Real Deal Ramen
A new Westchester hideaway offers an authentic taste of Tokyo
By Richard Foss
Imagine for a moment that you have never had a hamburger from anywhere but McDonald’s. You’re used to a burger being this unvarying thing, a bland patty in a tasteless, spongy bun. Like it or hate it, that’s what it is.
And then you taste your first gourmet burger — or maybe one made at someone’s home, where the patty is fresh and grilled over open flame, the bun something with some crust and chewiness, and there’s some real aged cheddar instead of American cheese. Suddenly you discover that there can be textures and flavors you never dreamed of in what seemed a familiar item. Even if you go back to eating the junk food version, you at least know that finer things exist.
That exact situation exists with ramen, which most Americans first experience as a dehydrated noodle brick packaged with a packet of salty, chemical-laden seasoning. Drop it in boiling water, toss in some chopped vegetables, and you have the college student staple, an unhealthy but cheap and fast meal. It’s what almost everybody tries first, and like the McBurger it’s a travesty of the real thing.
If you want to try real Japanese ramen in the LAX area, there’s a new option that recreates the environment of the Tokyo hideaways where salarymen and shoppers stop for a fast meal. The Ramen Joint is tucked away on 87th Street just off La Tijera Boulevard, and despite the low foot traffic and minimal signage the restaurant already has some devoted fans. It’s not because of the décor — there is hardly anything on the simple white walls except the chalkboard menu and a few mostly empty knickknack shelves — but for the soups that come out of their small open kitchen.
The menu is short and to the point. You have come to a place called The Ramen Joint, so you are probably here for noodles in broth. Three kinds are offered, based on what kind of broth you like: tonkotsu, made from an intense pork stock; shoyu, based on soy sauce; and a vegetable miso. Fresh mushrooms and vegetables are standard, and you can add a variety of toppings for a small extra charge. There’s also a rice bowl on the menu in case someone comes into a place called The Ramen Joint and doesn’t like ramen, which I suppose could happen.
There are starters, too: the inevitable edamame and seaweed salad, plus fried items such as spring rolls, panko-fried oysters and the like. I ordered squid legs and was unimpressed, as they were a bit under-fried and arrived greasy. Luckily the star of any meal here, the ramen, more than made up for it.
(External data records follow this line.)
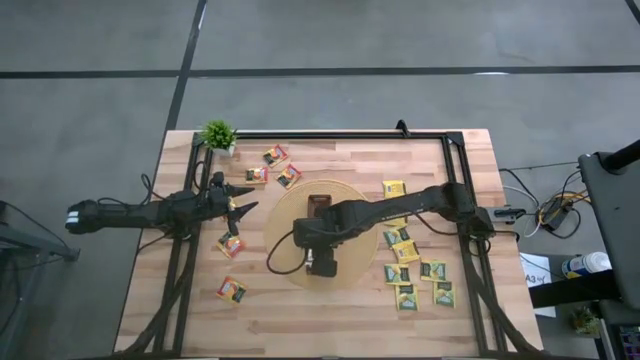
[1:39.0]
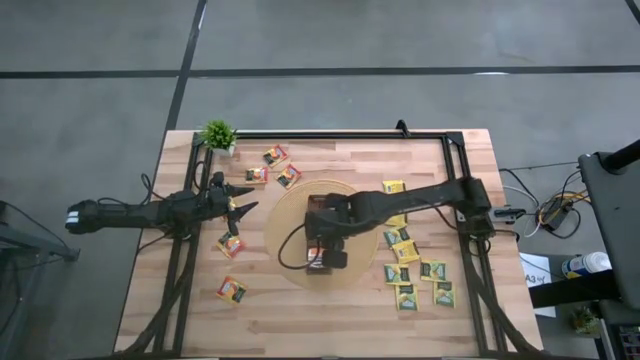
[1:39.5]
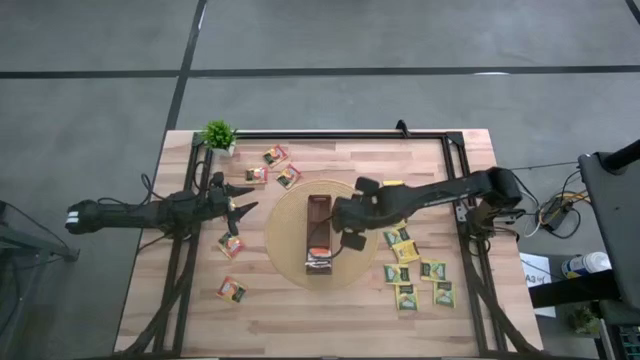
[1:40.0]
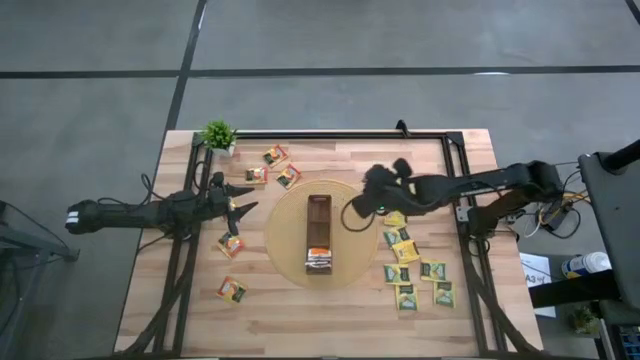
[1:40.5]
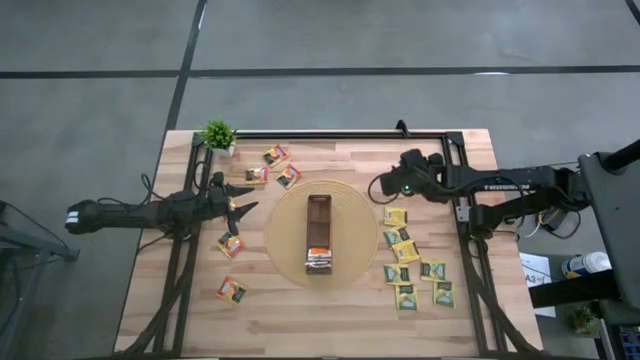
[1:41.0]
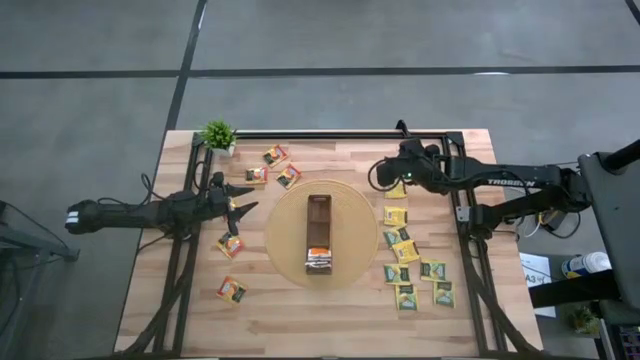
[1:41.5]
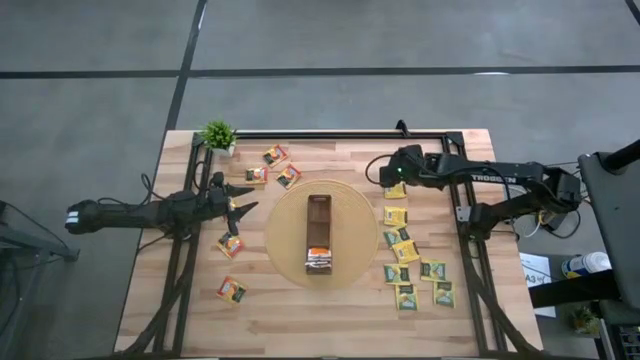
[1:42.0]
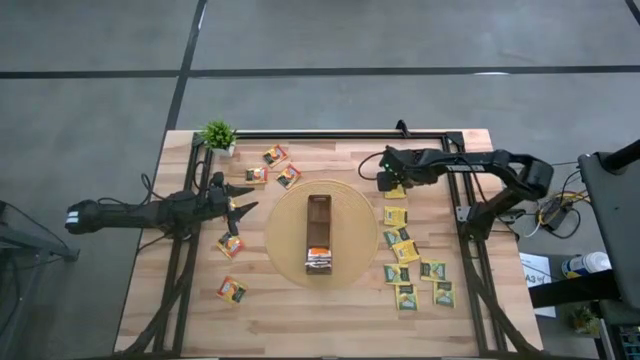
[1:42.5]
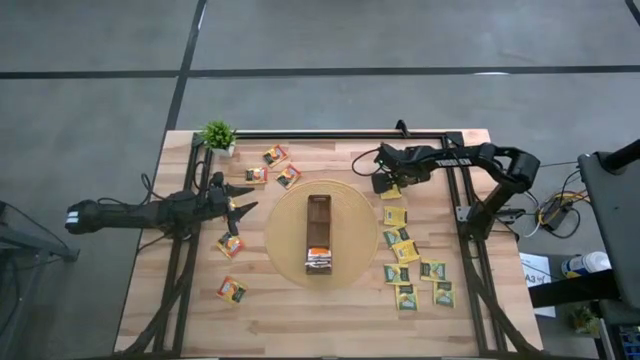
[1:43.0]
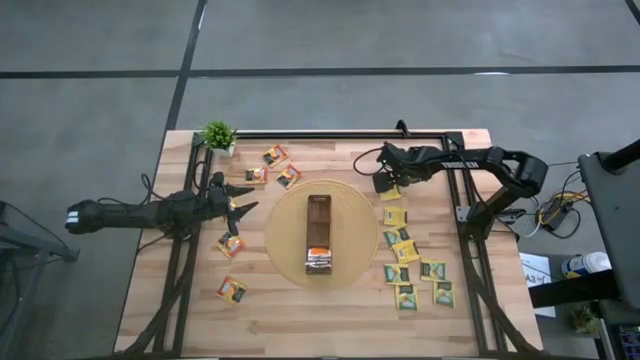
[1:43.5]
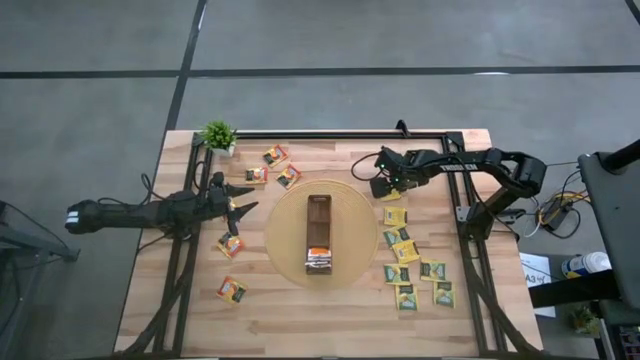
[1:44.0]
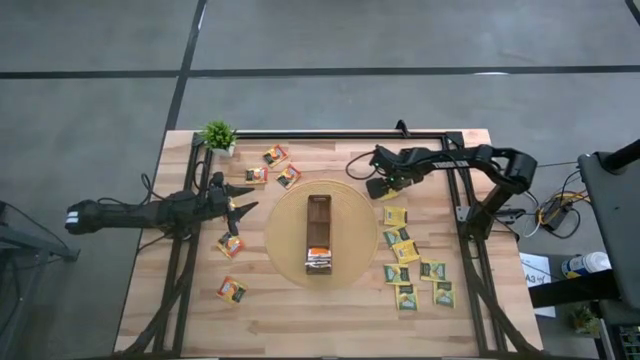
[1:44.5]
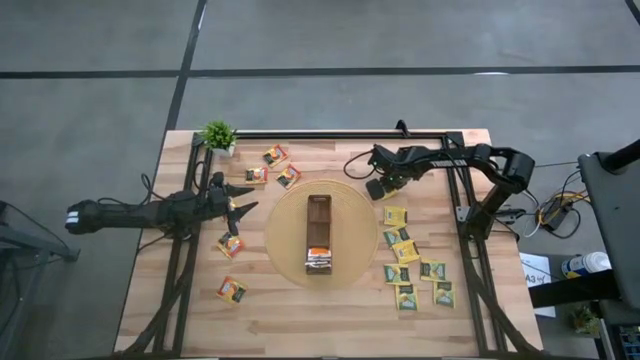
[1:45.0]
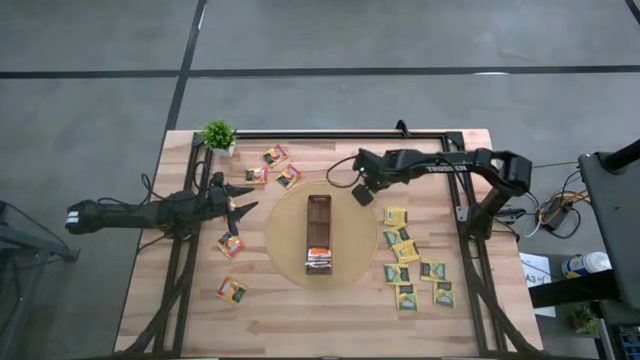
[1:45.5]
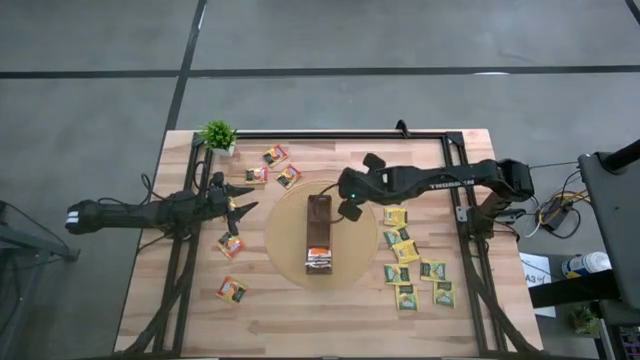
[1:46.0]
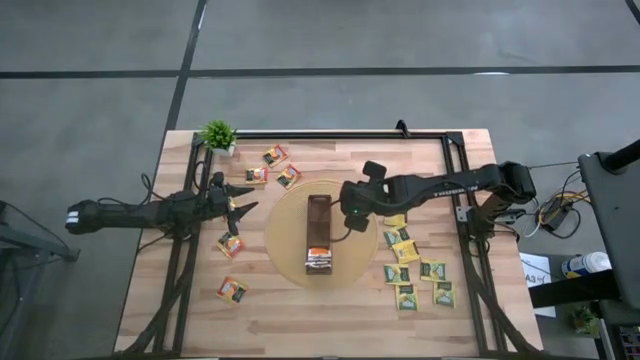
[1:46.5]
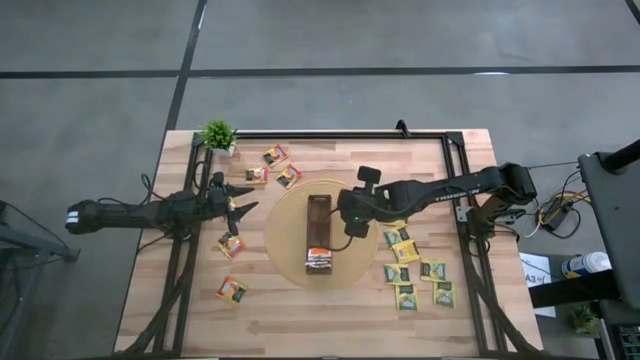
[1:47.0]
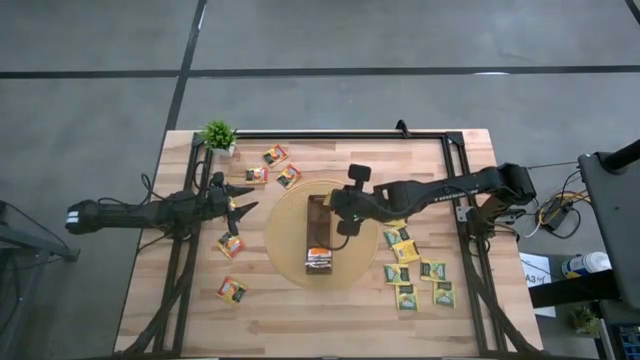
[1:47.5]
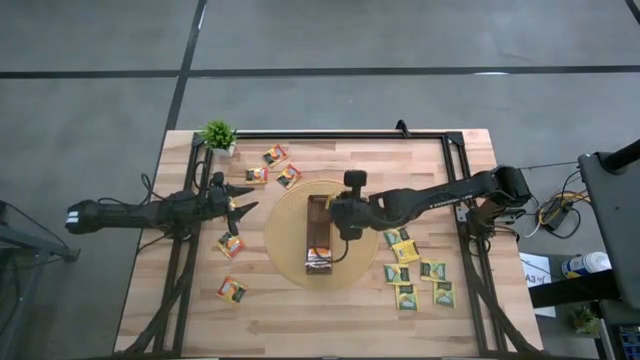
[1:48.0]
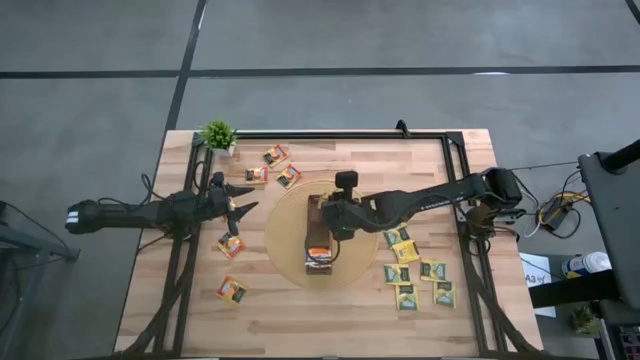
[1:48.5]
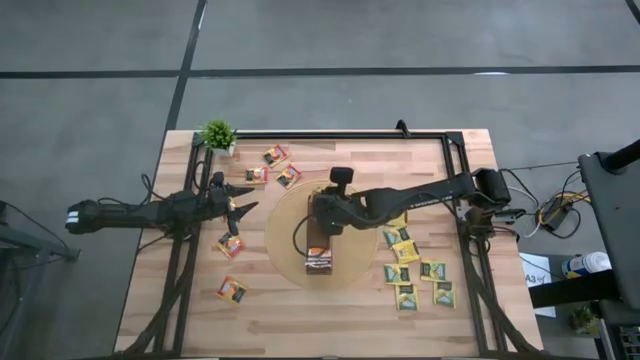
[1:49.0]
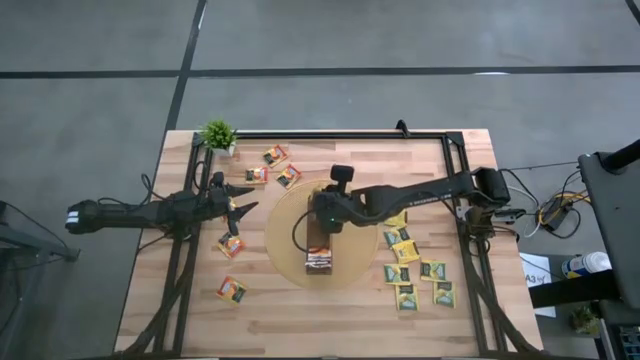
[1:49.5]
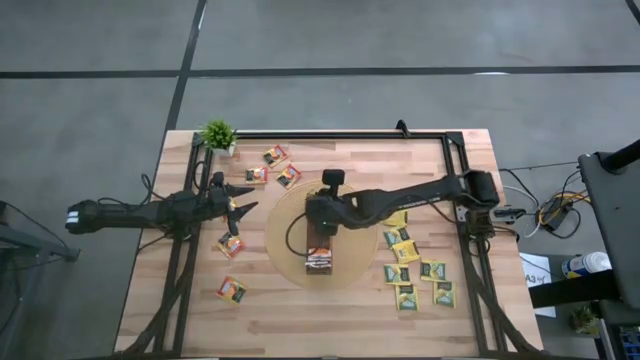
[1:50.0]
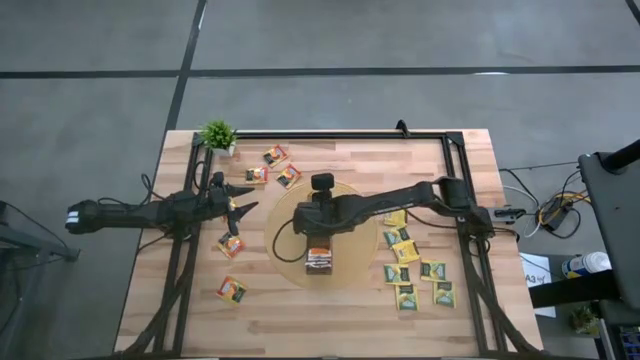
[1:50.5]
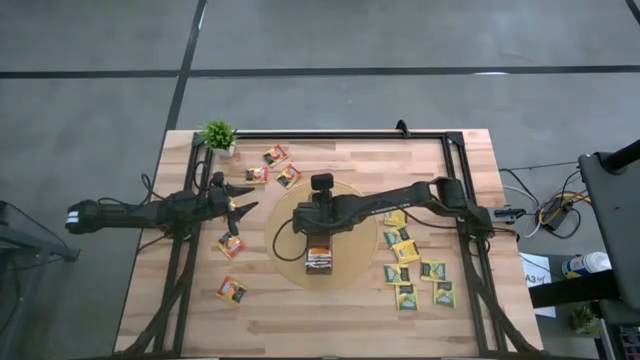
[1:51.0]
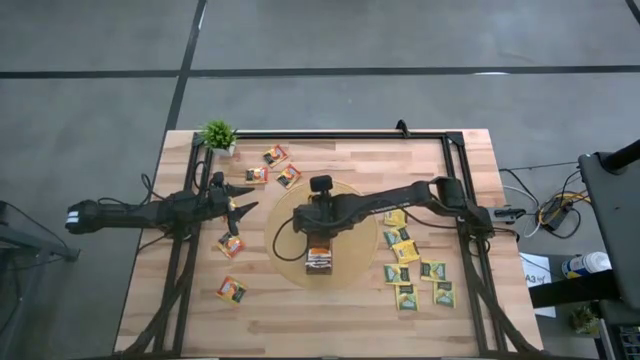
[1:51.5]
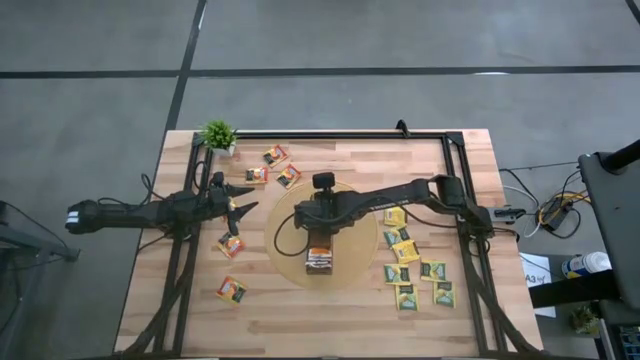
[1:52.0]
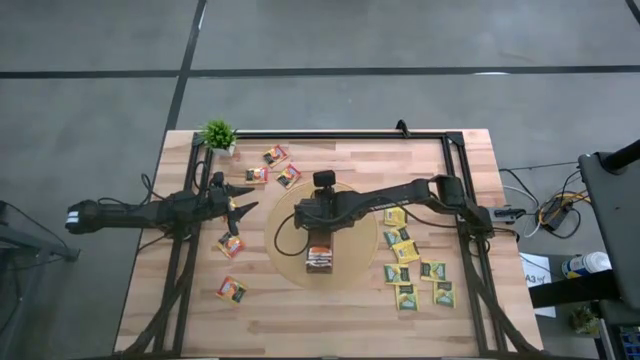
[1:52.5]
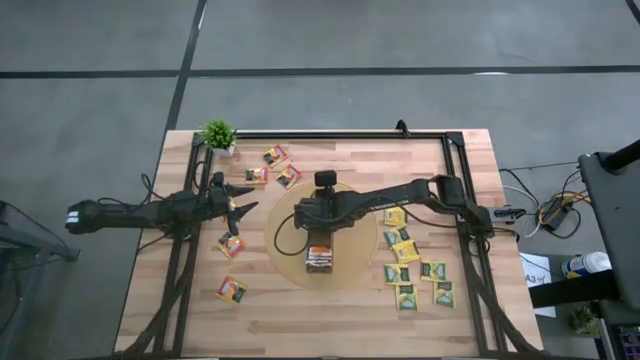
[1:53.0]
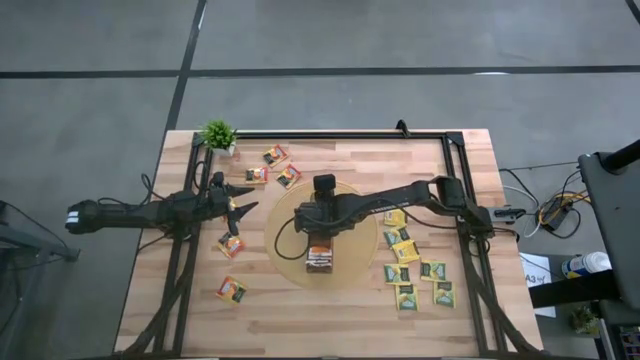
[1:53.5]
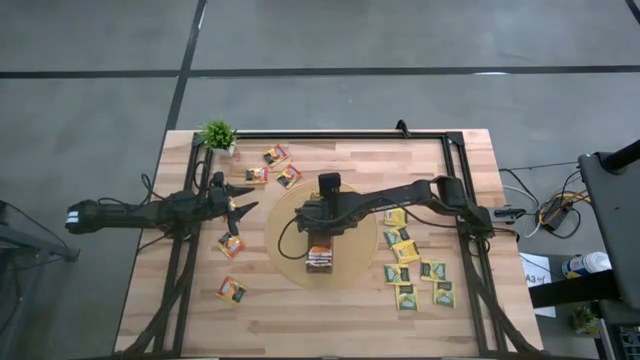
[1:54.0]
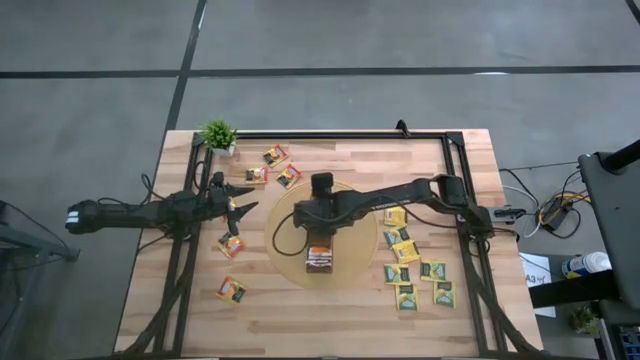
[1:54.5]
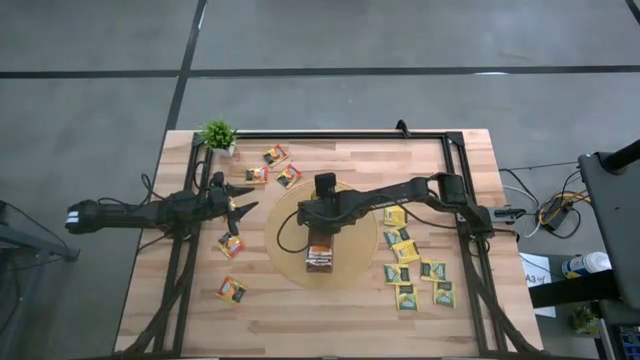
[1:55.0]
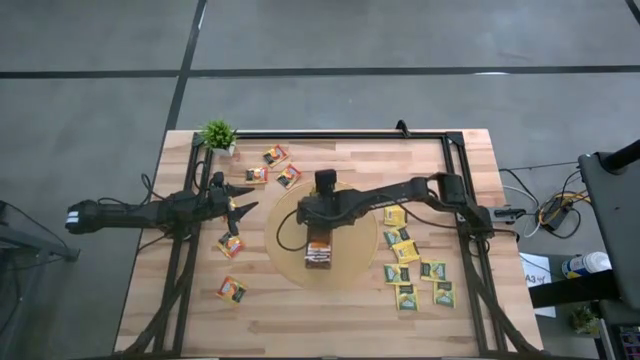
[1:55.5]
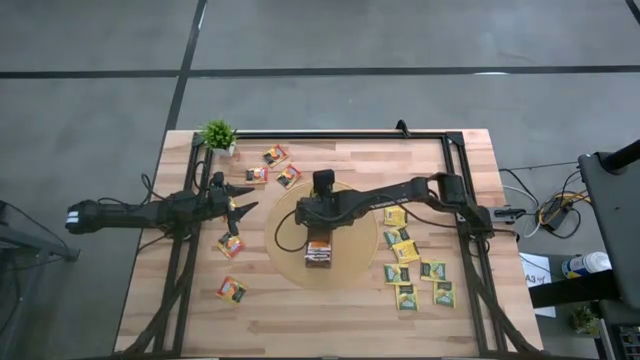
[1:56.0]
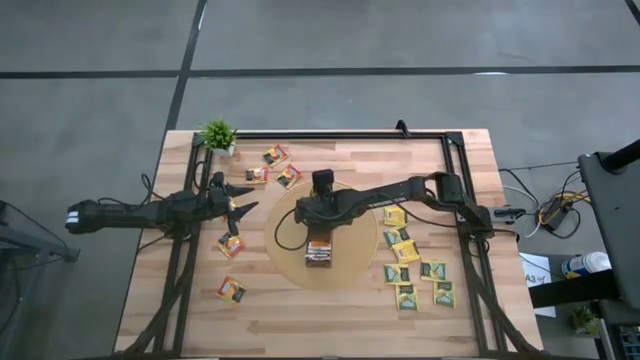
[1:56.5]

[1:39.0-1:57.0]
Task: Pick & Place Tea
Put the yellow tea bag into the top section of the wooden organizer

I chose the tonkotsu broth made from boiled pork bones, and it was exactly as it is supposed to be: intensely meaty, thick, rich and slightly oily, with a little saltiness and a lot of umami. You couldn’t actually see many of the thin, freshly made noodles under the toppings of green onion, sliced pork, slivered wood ear mushroom, julienned bamboo shoot and spinach. (The latter is an extra $1.25, but worth it.)
The slices of pork in the soup are described as chashu, but this is a Japanese version of that Chinese roast meat that is miles different from the original. The Chinese version has that bright red coating made with soy sauce, honey, ketchup and (usually) red food coloring, and is roasted until it is dense and has a caramelized sugar coating. The Japanese version isn’t bright red and is more fatty and tender, and has a more natural flavor. It’s always tempting to eat the big chunks by themselves, but more satisfying to alternate with nibbles of the noodles and the broth with vegetables.
And about those noodles: they have the slight springiness that you get from fresh pasta rather than dried, and are both better and better for you than the dried stuff from packets. If you are enjoying them so much that you go through them all and have broth left over, you can get another serving of noodles in your broth for an extra $2. But you have to be a pretty heavy eater to do this, as I was quite agreeably full after one bowl.
The price for this delectable meal is a mere $10, and since The Ramen Joint doesn’t sell alcohol you won’t be tempted to run up the bill with sake. The restaurant does, however, offer house-made limeade, a variety of soft drinks and tea, so you do have some beverage options.
There are more than 20 regional styles of ramen in Japan, and as its popularity grows here we may expect to see more of them on local menus. No matter how many become available, there will always be a place for little gems like The Ramen Joint that do just a few but execute them very well.